Problem 967
$B$-Trivisible Numbers
A positive integer $n$ is considered $B$-trivisible if the sum of all different prime factors of $n$ which are not larger than $B$ is divisible by $3$.
For example, $175 = 5^2 \cdot 7$ is $10$-trivisible because $5 + 7 = 12$ which is divisible by $3$. Similarly, $175$ is $4$-trivisible because all primes dividing $175$ are larger than $4$, and the empty summation $0$ is divisible by $3$.
On the other hand, $175$ is not $6$-trivisible because the sum of relevant primes is $5$ which is not divisible by $3$.
Let $F(N, B)$ be the number of $B$-trivisible integers not larger than $N$.
For example, $F(10, 4) = 5$, the $4$-trivisible numbers being $1,3,5,7,9$.
You are also given $F(10, 10) = 3$ and $F(100, 10) = 41$.
Find $F(10^{18}, 120)$.
$B$-三除数
如果正整数$n$所有不大于$B$的不同质因数之和能被$3$整除,则称$n$为$B$-三除数。
例如,$175 = 5^2 \cdot 7$是$10$-三除数,因为$5 + 7 = 12$能被$3$整除。
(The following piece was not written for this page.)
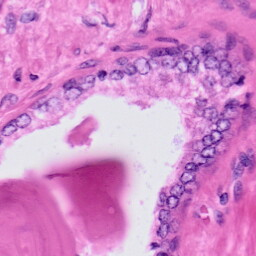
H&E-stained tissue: Prostate
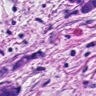
Metastatic tissue present: yes

类似地,$175$是$4$-三除数,因为所有能整除$175$的质数都大于$4$,而$0$能被$3$整除。
另一方面,$175$不是$6$-三除数,因为满足条件的质数之和为$5$,并不能被$3$整除。
设$F(N, B)$为不大于$N$的$B$-三除数的数目。
例如,$F(10, 4) = 5$,这些$4$-三除数分别是$1,3,5,7,9$。
还已知$F(10, 10) = 3$,$F(100, 10) = 41$。
求$F(10^{18}, 120)$。